女性国会議員メルマガ「ヴィーナスはぁと」が少し注目されたので、9月から若手国会議員メルマガ「未来総理」の配信を始めた。昭和30年以降に生まれた全国会議員に参加を募ったところ、6政党19人が協力してくれることに。現防衛庁長官の石破茂議員(自民党)、民主党代表選で若手代表になった野田佳彦議員、社民党幹事長の福島瑞穂議員など、なかなかゴージャスな顔ぶれである。

まずは、「政治家をめざした理由」「一番、力を入れている政策」を聞き、三巡目のいまは「自分の属している政党の好きなところ、変えたいところ」を語ってもらっているところ。

自民党から共産党まで、価値観の違う政治家がしっかり政策を述べ合う環境をつくる。メルマガを読んだ読者の感想は参加議員にフィードバックする。そうして「5年後、10年後の総理大臣を育てよう」という壮大な企画なのだ。

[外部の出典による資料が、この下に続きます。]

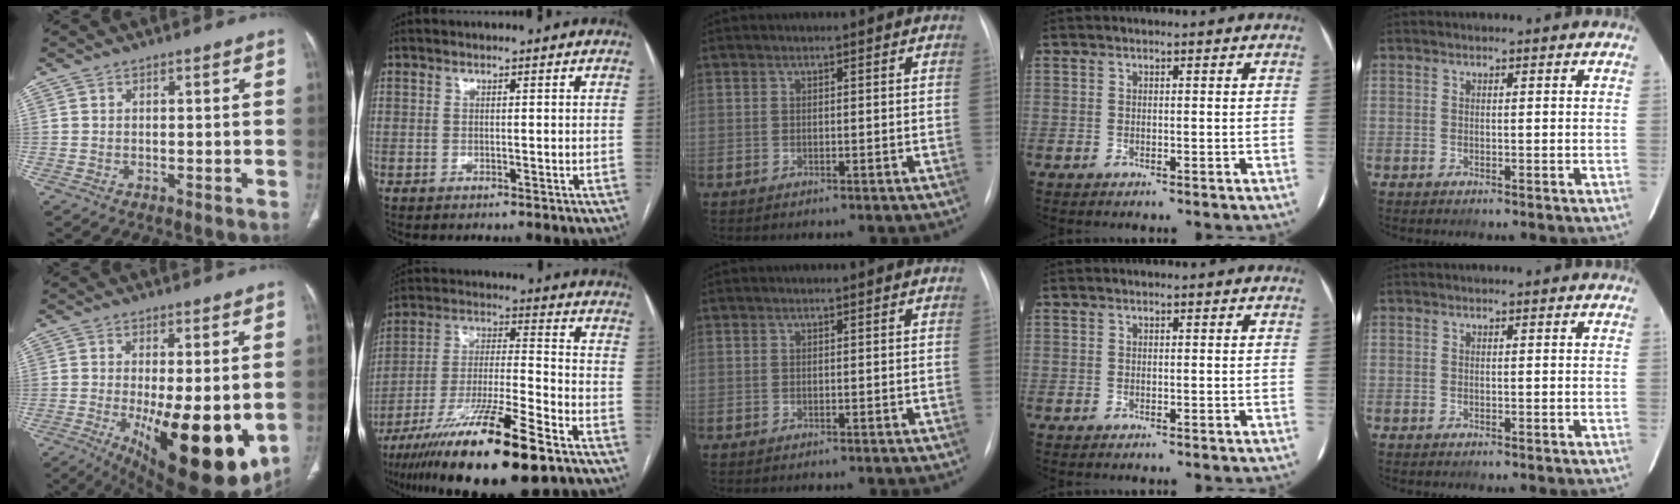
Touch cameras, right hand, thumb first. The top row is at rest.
{"thumb": {"total": 20.0, "force": [-4.4, 7.1, 18.1], "torque": [-0.232, -0.035, -0.040]}, "index": {"total": 20.4, "force": [-12.8, 1.8, 15.8], "torque": [-0.274, -0.041, -0.224]}}

ふたつのメルマガは、私ひとりで編集している。議員とのやりとりは基本的にメール。もらったメールを貼り付ければいいので、あまり手間はかからない。議員にはノーギャラで参加してもらっているので、発行にかかる費用はゼロ。配信料は無料なので儲かることもないが、紙媒体とくらべて、インターネットはお金がかからないメディアだなあとつくづく思う。それでいて、現役国会議員の貴重な本音がほとんどタイムラグなしに読める「速報性」もある。

いまの「読者」は、インターネットでこうした無料で質の高い情報をいくらでも探すことができる。お金を払って本を買ってもらわなければいけない出版社にとっては、厳しい時代だと思う。

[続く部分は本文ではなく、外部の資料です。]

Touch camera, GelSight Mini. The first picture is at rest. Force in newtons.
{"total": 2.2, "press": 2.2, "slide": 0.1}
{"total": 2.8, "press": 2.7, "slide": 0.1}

ロゼッタストーンでは、インターネットを最大に活用して、本業の紙媒体に生かす方法を模索中だ。例えばメルマガやホームページで得た情報を雑誌に生かす、メルマガに雑誌の告知を入れ、ホームページで雑誌の内容を紹介する、将来的にはメルマガやホームページで連載した内容を書籍化する…など。

インターネットは脅威でもあるけれど、お金も人手もない出版社にとっては武器にもなる。「未来総理」に関していえば、「このなかの誰かが、将来、総理大臣や党首になるかも…」なんて思いながら編集するロマンもあるのだ。